As you may see, several environment variables has to be set before the script execution:
* `SPRING_BOOT_ADMIN_URL` -- URL of the Qanary pipeline (see Step 1 and Step 2 of the [tutorial](https://github.com/WDAqua/Qanary/wiki/Qanary-tutorial:-How-to-build-a-trivial-Question-Answering-pipeline))
* `SPRING_BOOT_ADMIN_USERNAME` -- the admin username of the Qanary pipeline
* `SPRING_BOOT_ADMIN_PASSWORD` -- the admin password of the Qanary pipeline
* `SERVICE_HOST` -- the host of your component without protocol prefix (e.g. `http://`).

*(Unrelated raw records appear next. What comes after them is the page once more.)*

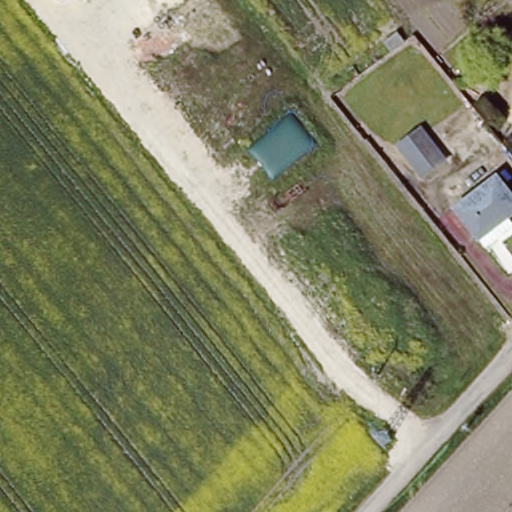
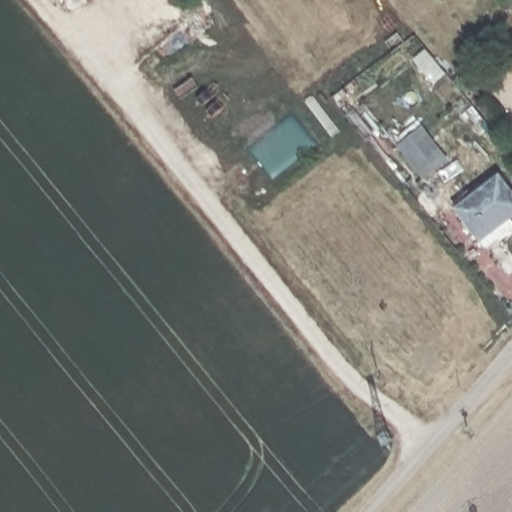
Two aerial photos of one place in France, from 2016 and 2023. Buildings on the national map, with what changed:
unchanged [(445,161),(421,178),(396,145),(418,128),(445,161)]
unchanged [(512,191),(512,217),(478,244),(452,210),(499,175),(512,191)]

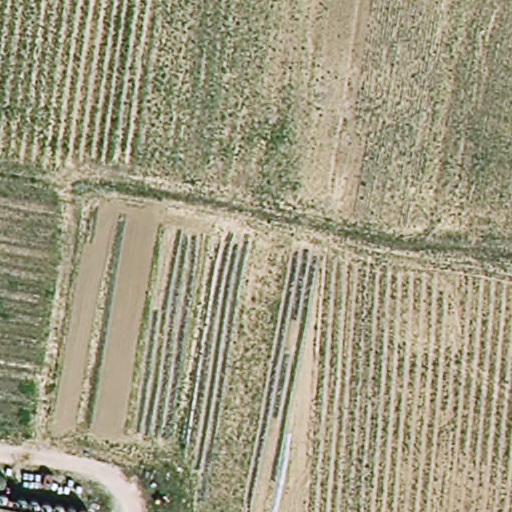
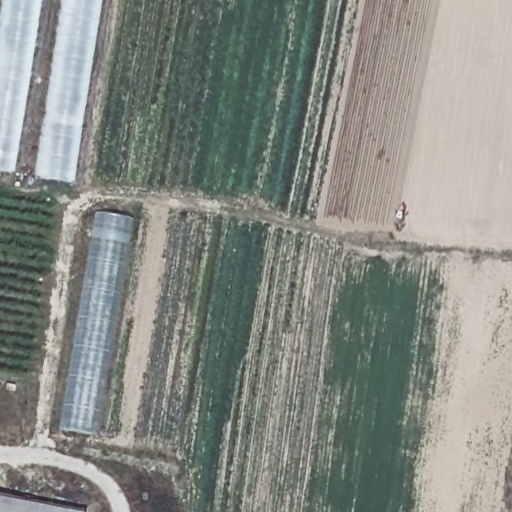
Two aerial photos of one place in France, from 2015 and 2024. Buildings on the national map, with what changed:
new [(1,0),(38,0),(10,168),(0,167),(0,4),(1,0)]
new [(60,0),(99,0),(71,178),(33,172),(60,0)]
new [(97,214),(133,220),(93,435),(61,430),(97,214)]
unchanged [(45,512),(0,512),(0,504),(45,512)]

It has to be visible to the Qanary pipeline
* `SERVICE_PORT` -- the port of your component (has to be visible to the Qanary pipeline)

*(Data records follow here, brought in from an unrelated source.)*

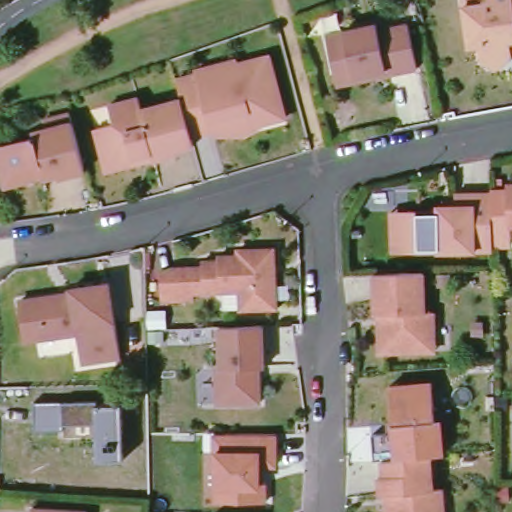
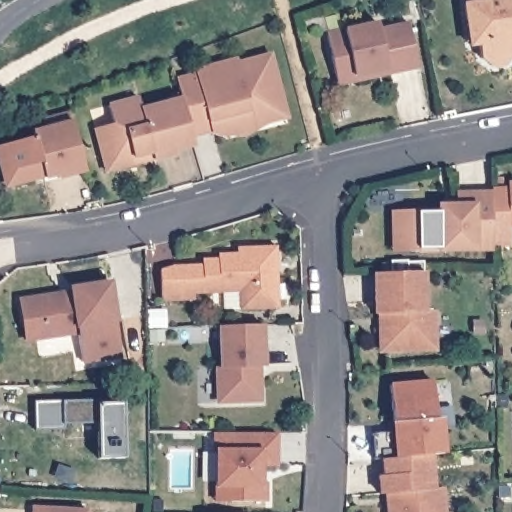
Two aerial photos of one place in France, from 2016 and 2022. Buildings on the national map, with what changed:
unchanged [(505,61),(492,63),(482,55),(480,39),(470,41),(468,22),(465,1),(464,0),(512,0),(512,52),(505,61)]
unchanged [(334,74),(324,39),(374,25),(376,32),(405,24),(417,68),(387,76),(337,89),(334,74)]
unchanged [(219,134),(212,130),(192,136),(182,98),(177,80),(197,75),(195,71),(237,60),(239,64),(270,55),(285,117),(267,122),(245,134),(219,134)]
unchanged [(100,148),(95,129),(114,124),(109,105),(139,97),(142,109),(182,98),(192,136),(194,145),(175,150),(177,154),(155,160),(145,161),(117,168),(107,171),(100,148)]
unchanged [(34,141),(33,136),(46,133),(44,124),(70,117),(85,176),(60,183),(59,180),(46,183),(45,181),(14,190),(3,180),(0,169),(0,150),(6,149),(34,141)]
unchanged [(397,209),(415,209),(425,209),(445,209),(449,205),(449,204),(462,204),(462,192),(497,192),(498,248),(450,248),(425,248),(415,249),(398,249),(397,209)]
unchanged [(277,307),(240,309),(240,287),(212,288),(212,292),(194,293),(194,299),(161,300),(160,270),(176,270),(176,267),(202,266),(202,260),(218,259),(217,255),(238,254),(238,249),(275,248),(277,307)]
unchanged [(424,351),(389,352),(385,348),(384,327),(384,314),(380,314),(379,273),(427,272),(429,312),(438,311),(439,330),(439,351),(424,351)]
unchanged [(105,286),(120,360),(82,367),(76,338),(42,345),(39,327),(22,331),(17,307),(55,300),(68,298),(67,293),(105,286)]
unchanged [(260,402),(224,403),(217,398),(216,368),(221,368),(220,327),(262,325),(264,367),(260,367),(260,376),(260,402)]
unchanged [(387,459),(387,455),(373,457),(372,432),(390,432),(388,382),(429,381),(434,417),(442,418),(444,453),(434,455),(387,459)]
unchanged [(97,457),(95,423),(61,423),(62,431),(34,431),(34,402),(97,401),(121,402),(122,456),(97,457)]
unchanged [(277,433),(277,467),(261,464),(261,480),(267,483),(267,502),(215,501),(215,487),(215,454),(212,456),(212,434),(277,433)]
unchanged [(392,494),(385,494),(384,476),(389,476),(387,459),(434,455),(437,489),(445,488),(447,512),(393,512),(392,503),(392,494)]
unchanged [(85,509),(85,512),(31,512),(31,507),(85,509)]

* `SERVICE_NAME_COMPONENT` -- the name of your component
* `SERVICE_DESCRIPTION_COMPONENT` -- the description of your component

You may also change the configuration via environment variables to any configuration that you want (e.g. via a `json` file).

To run the component, simply execute `python component.py` in your terminal. 
If the component registration was successful, a corresponding message will appear in the output.